» **Work request**:
The copy you produce must repeat each record exactly and contain no pictures.

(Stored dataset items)
%%
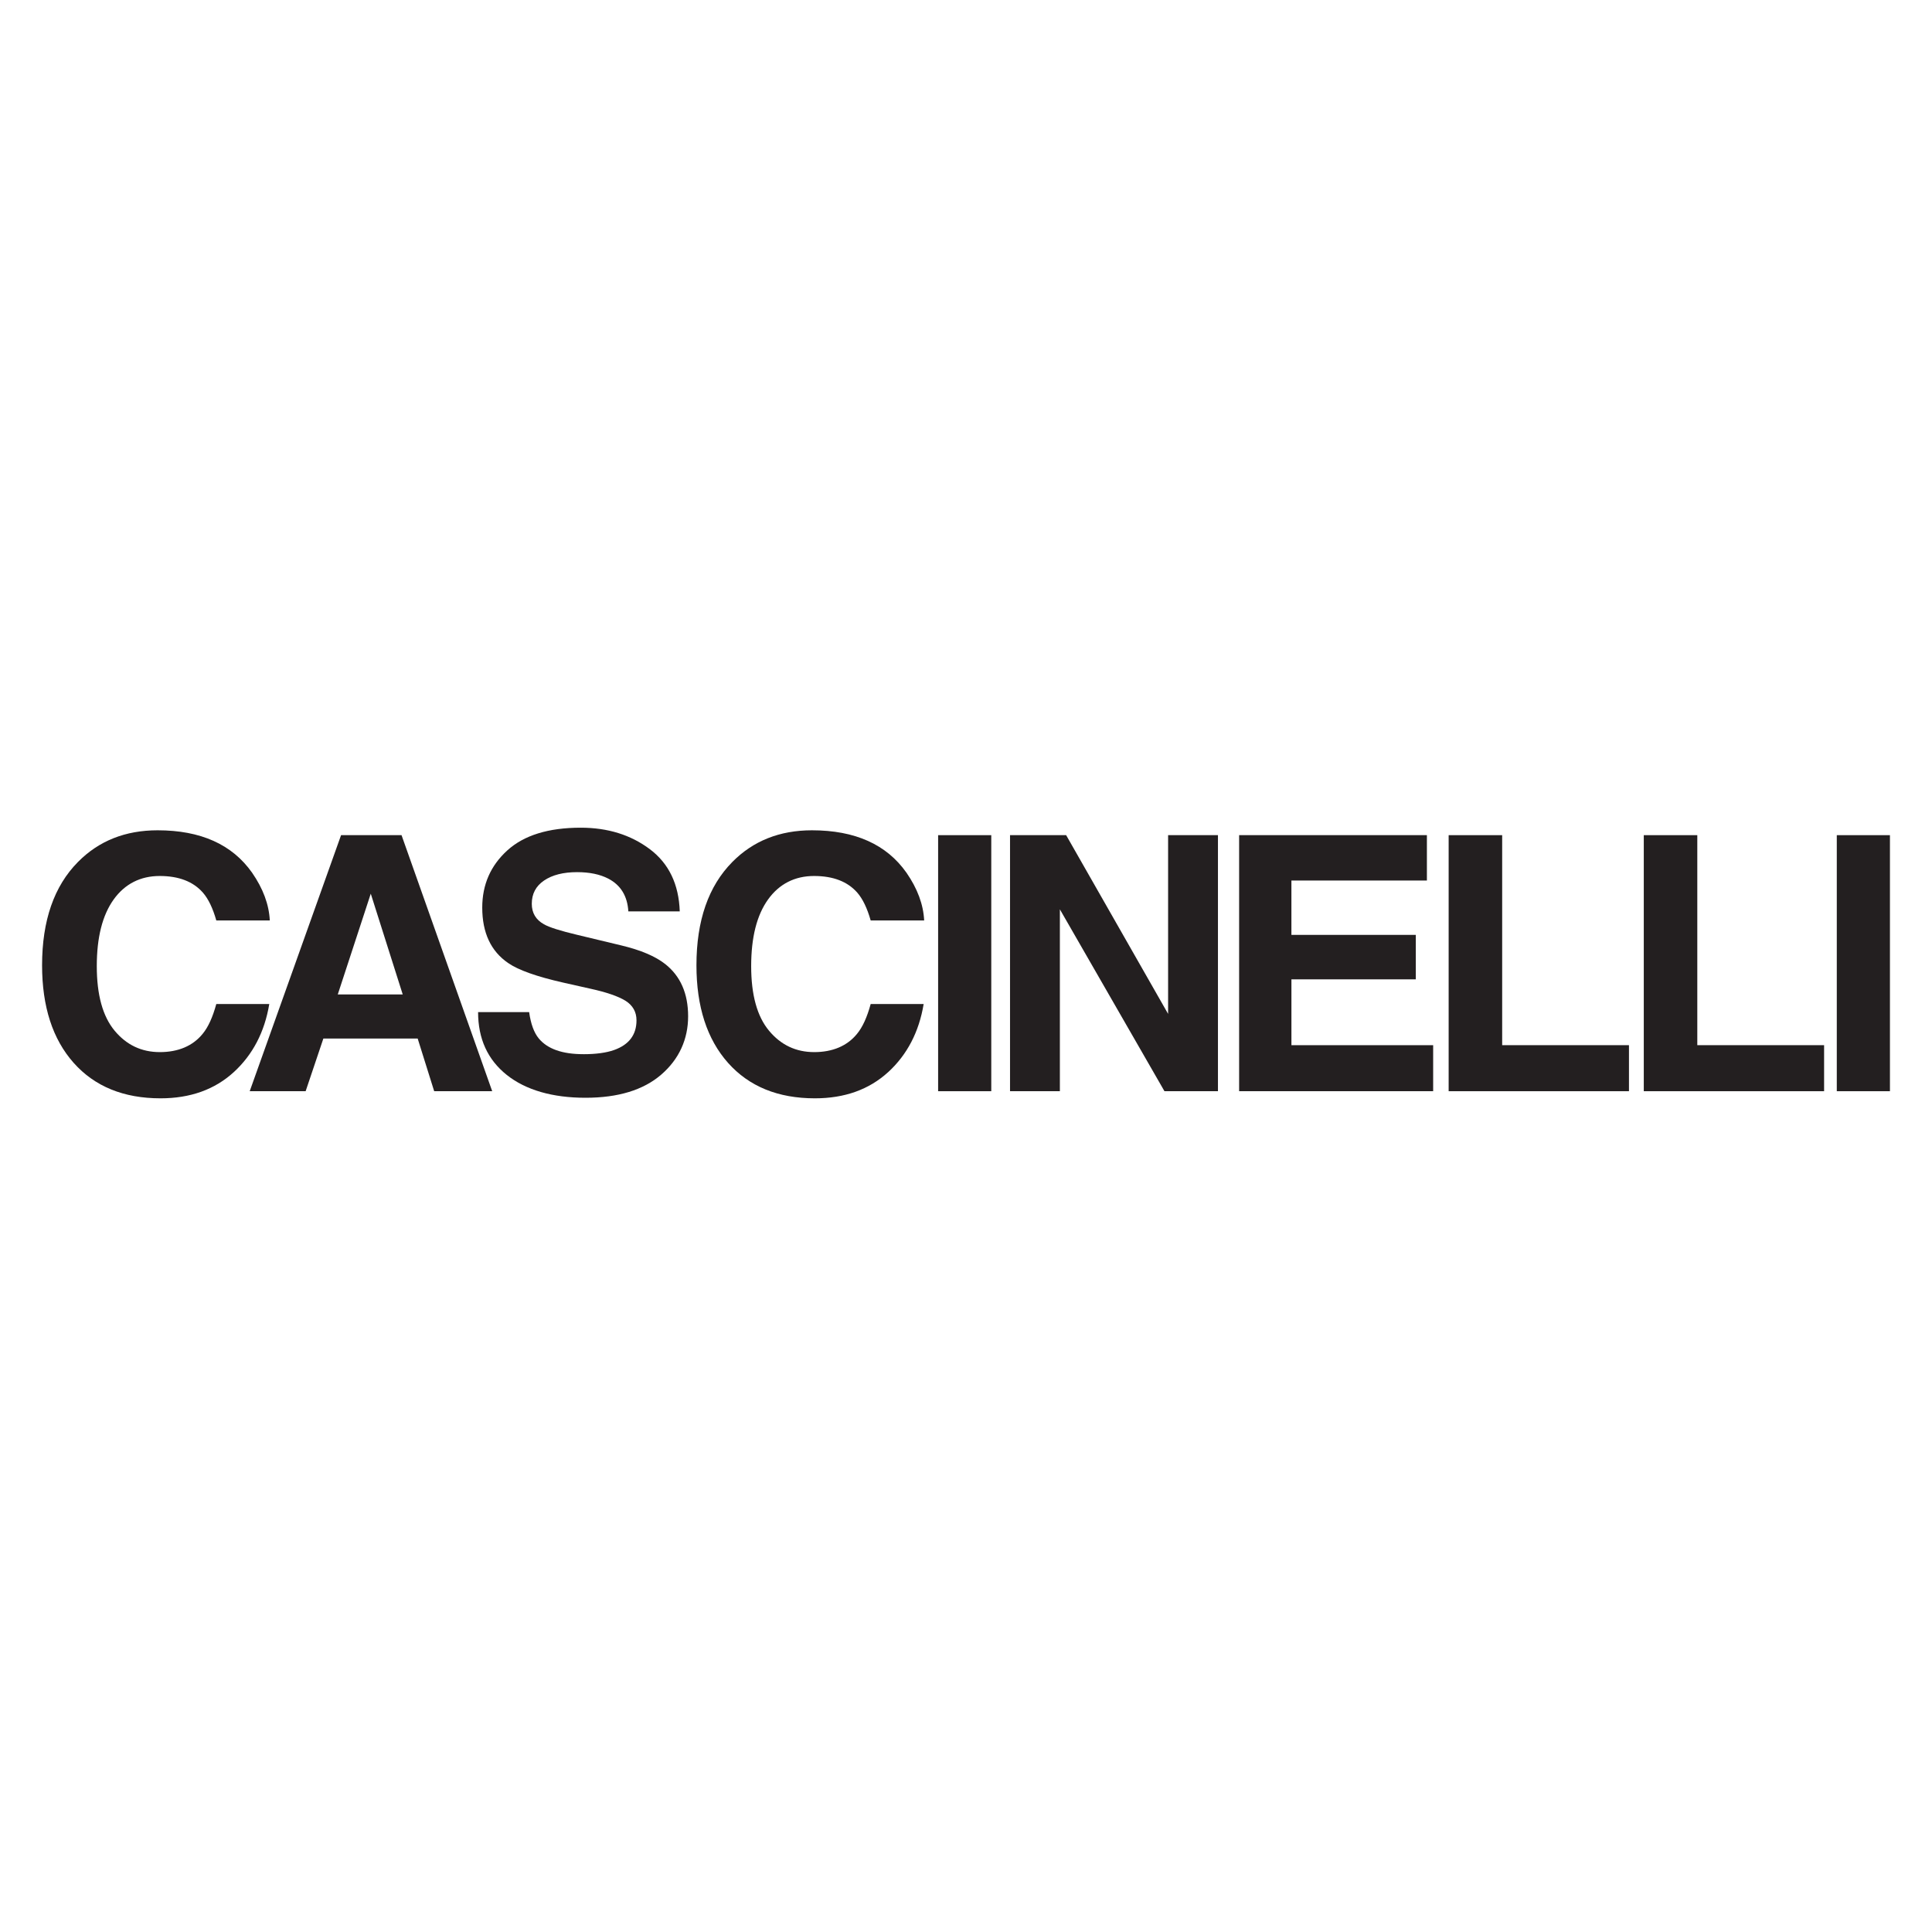 <svg viewBox="0 0 1000 1000" version="1.1" xmlns="http://www.w3.org/2000/svg" id="Layer_1">
  
  <defs>
    <style>
      .st0 {
        fill: #231f20;
      }
    </style>
  </defs>
  <path d="M121.03,554.91c-9.89,9.05-22.54,13.58-37.94,13.58-19.06,0-34.05-6.11-44.95-18.34-10.91-12.29-16.36-29.13-16.36-50.53,0-23.14,6.2-40.97,18.61-53.5,10.79-10.91,24.51-16.36,41.18-16.36,22.3,0,38.6,7.31,48.91,21.94,5.69,8.21,8.75,16.45,9.17,24.72h-27.69c-1.8-6.35-4.11-11.15-6.92-14.38-5.03-5.75-12.5-8.63-22.39-8.63s-18.01,4.06-23.83,12.18c-5.81,8.12-8.72,19.62-8.72,34.48s3.07,26,9.22,33.4c6.14,7.4,13.95,11.1,23.42,11.1s17.11-3.18,22.21-9.53c2.82-3.42,5.15-8.54,7.01-15.37h27.42c-2.4,14.44-8.51,26.19-18.34,35.24Z" class="st0"></path>
  <path d="M216.19,537.56h-48.82l-9.17,27.24h-28.95l47.29-132.53h31.29l46.93,132.53h-30.03l-8.54-27.24ZM208.45,514.72l-16.54-52.15-17.08,52.15h33.63Z" class="st0"></path>
  <path d="M301.94,545.65c6.53,0,11.84-.72,15.91-2.16,7.73-2.76,11.6-7.88,11.6-15.37,0-4.37-1.92-7.76-5.75-10.16-3.84-2.34-9.86-4.4-18.07-6.2l-14.03-3.15c-13.79-3.12-23.32-6.5-28.59-10.16-8.93-6.11-13.4-15.67-13.4-28.68,0-11.87,4.32-21.73,12.95-29.58,8.63-7.85,21.31-11.78,38.03-11.78,13.97,0,25.88,3.7,35.74,11.1,9.86,7.4,15.03,18.15,15.51,32.23h-26.61c-.48-7.97-3.96-13.64-10.43-16.99-4.32-2.22-9.68-3.33-16.09-3.33-7.13,0-12.83,1.44-17.08,4.32-4.26,2.88-6.38,6.89-6.38,12.05,0,4.74,2.1,8.27,6.29,10.61,2.7,1.56,8.45,3.39,17.26,5.48l22.84,5.48c10.01,2.4,17.56,5.61,22.66,9.62,7.91,6.23,11.87,15.26,11.87,27.06s-4.63,22.16-13.89,30.16c-9.26,8-22.34,12-39.25,12s-30.84-3.94-40.73-11.82c-9.89-7.88-14.84-18.72-14.84-32.5h26.43c.84,6.05,2.49,10.58,4.94,13.58,4.5,5.46,12.2,8.18,23.11,8.18Z" class="st0"></path>
  <path d="M459.73,554.91c-9.89,9.05-22.54,13.58-37.94,13.58-19.06,0-34.05-6.11-44.95-18.34-10.91-12.29-16.36-29.13-16.36-50.53,0-23.14,6.2-40.97,18.61-53.5,10.79-10.91,24.51-16.36,41.18-16.36,22.3,0,38.6,7.31,48.91,21.94,5.69,8.21,8.75,16.45,9.17,24.72h-27.69c-1.8-6.35-4.11-11.15-6.92-14.38-5.04-5.75-12.5-8.63-22.39-8.63s-18.01,4.06-23.82,12.18c-5.82,8.12-8.72,19.62-8.72,34.48s3.07,26,9.22,33.4c6.14,7.4,13.95,11.1,23.42,11.1s17.11-3.18,22.21-9.53c2.82-3.42,5.15-8.54,7.01-15.37h27.42c-2.4,14.44-8.51,26.19-18.34,35.24Z" class="st0"></path>
  <path d="M485.57,432.28h27.51v132.53h-27.51v-132.53Z" class="st0"></path>
  <path d="M630.41,564.8h-27.69l-54.13-94.13v94.13h-25.8v-132.53h29.04l52.78,92.52v-92.52h25.8v132.53Z" class="st0"></path>
  <path d="M732.82,506.9h-64.38v34.08h73.36v23.83h-100.43v-132.53h97.19v23.47h-70.13v28.14h64.38v23.02Z" class="st0"></path>
  <path d="M749.83,432.28h27.69v108.7h65.63v23.83h-93.33v-132.53Z" class="st0"></path>
  <path d="M850.83,432.28h27.69v108.7h65.63v23.83h-93.33v-132.53Z" class="st0"></path>
  <path d="M950.72,432.28h27.51v132.53h-27.51v-132.53Z" class="st0"></path>
</svg>
%%
» **Worked solution**:
 <svg viewBox="0 0 1000 1000" version="1.1" xmlns="http://www.w3.org/2000/svg" id="Layer_1">
  
  <defs>
    <style>
      .st0 {
        fill: #231f20;
      }
    </style>
  </defs>
  <path d="M121.03,554.91c-9.89,9.05-22.54,13.58-37.94,13.58-19.06,0-34.05-6.11-44.95-18.34-10.91-12.29-16.36-29.13-16.36-50.53,0-23.14,6.2-40.97,18.61-53.5,10.79-10.91,24.51-16.36,41.18-16.36,22.3,0,38.6,7.31,48.91,21.94,5.69,8.21,8.75,16.45,9.17,24.72h-27.69c-1.8-6.35-4.11-11.15-6.92-14.38-5.03-5.75-12.5-8.63-22.39-8.63s-18.01,4.06-23.83,12.18c-5.81,8.12-8.72,19.62-8.72,34.48s3.07,26,9.22,33.4c6.14,7.4,13.95,11.1,23.42,11.1s17.11-3.18,22.21-9.53c2.82-3.42,5.15-8.54,7.01-15.37h27.42c-2.4,14.44-8.51,26.19-18.34,35.24Z" class="st0"></path>
  <path d="M216.19,537.56h-48.82l-9.17,27.24h-28.95l47.29-132.53h31.29l46.93,132.53h-30.03l-8.54-27.24ZM208.45,514.72l-16.54-52.15-17.08,52.15h33.63Z" class="st0"></path>
  <path d="M301.94,545.65c6.53,0,11.84-.72,15.91-2.16,7.73-2.76,11.6-7.88,11.6-15.37,0-4.37-1.92-7.76-5.75-10.16-3.84-2.34-9.86-4.4-18.07-6.2l-14.03-3.15c-13.79-3.12-23.32-6.5-28.59-10.16-8.93-6.11-13.4-15.67-13.4-28.68,0-11.87,4.32-21.73,12.95-29.58,8.63-7.85,21.31-11.78,38.03-11.78,13.97,0,25.88,3.7,35.74,11.1,9.86,7.4,15.03,18.15,15.51,32.23h-26.61c-.48-7.97-3.96-13.64-10.43-16.99-4.32-2.22-9.68-3.33-16.09-3.33-7.13,0-12.83,1.44-17.08,4.32-4.26,2.88-6.38,6.89-6.38,12.05,0,4.74,2.1,8.27,6.29,10.61,2.7,1.56,8.45,3.39,17.26,5.48l22.84,5.48c10.01,2.4,17.56,5.61,22.66,9.62,7.91,6.23,11.87,15.26,11.87,27.06s-4.63,22.16-13.89,30.16c-9.26,8-22.34,12-39.25,12s-30.84-3.94-40.73-11.82c-9.89-7.88-14.84-18.72-14.84-32.5h26.43c.84,6.05,2.49,10.58,4.94,13.58,4.5,5.46,12.2,8.18,23.11,8.18Z" class="st0"></path>
  <path d="M459.73,554.91c-9.89,9.05-22.54,13.58-37.94,13.58-19.06,0-34.05-6.11-44.95-18.34-10.91-12.29-16.36-29.13-16.36-50.53,0-23.14,6.2-40.97,18.61-53.5,10.79-10.91,24.51-16.36,41.18-16.36,22.3,0,38.6,7.31,48.91,21.94,5.69,8.21,8.75,16.45,9.17,24.72h-27.69c-1.8-6.35-4.11-11.15-6.92-14.38-5.04-5.75-12.5-8.63-22.39-8.63s-18.01,4.06-23.82,12.18c-5.82,8.12-8.72,19.62-8.72,34.48s3.07,26,9.22,33.4c6.14,7.4,13.95,11.1,23.42,11.1s17.11-3.18,22.21-9.53c2.82-3.42,5.15-8.54,7.01-15.37h27.42c-2.4,14.44-8.51,26.19-18.34,35.24Z" class="st0"></path>
  <path d="M485.57,432.28h27.51v132.53h-27.51v-132.53Z" class="st0"></path>
  <path d="M630.41,564.8h-27.69l-54.13-94.13v94.13h-25.8v-132.53h29.04l52.78,92.52v-92.52h25.8v132.53Z" class="st0"></path>
  <path d="M732.82,506.9h-64.38v34.08h73.36v23.83h-100.43v-132.53h97.19v23.47h-70.13v28.14h64.38v23.02Z" class="st0"></path>
  <path d="M749.83,432.28h27.69v108.7h65.63v23.83h-93.33v-132.53Z" class="st0"></path>
  <path d="M850.83,432.28h27.69v108.7h65.63v23.83h-93.33v-132.53Z" class="st0"></path>
  <path d="M950.72,432.28h27.51v132.53h-27.51v-132.53Z" class="st0"></path>
</svg>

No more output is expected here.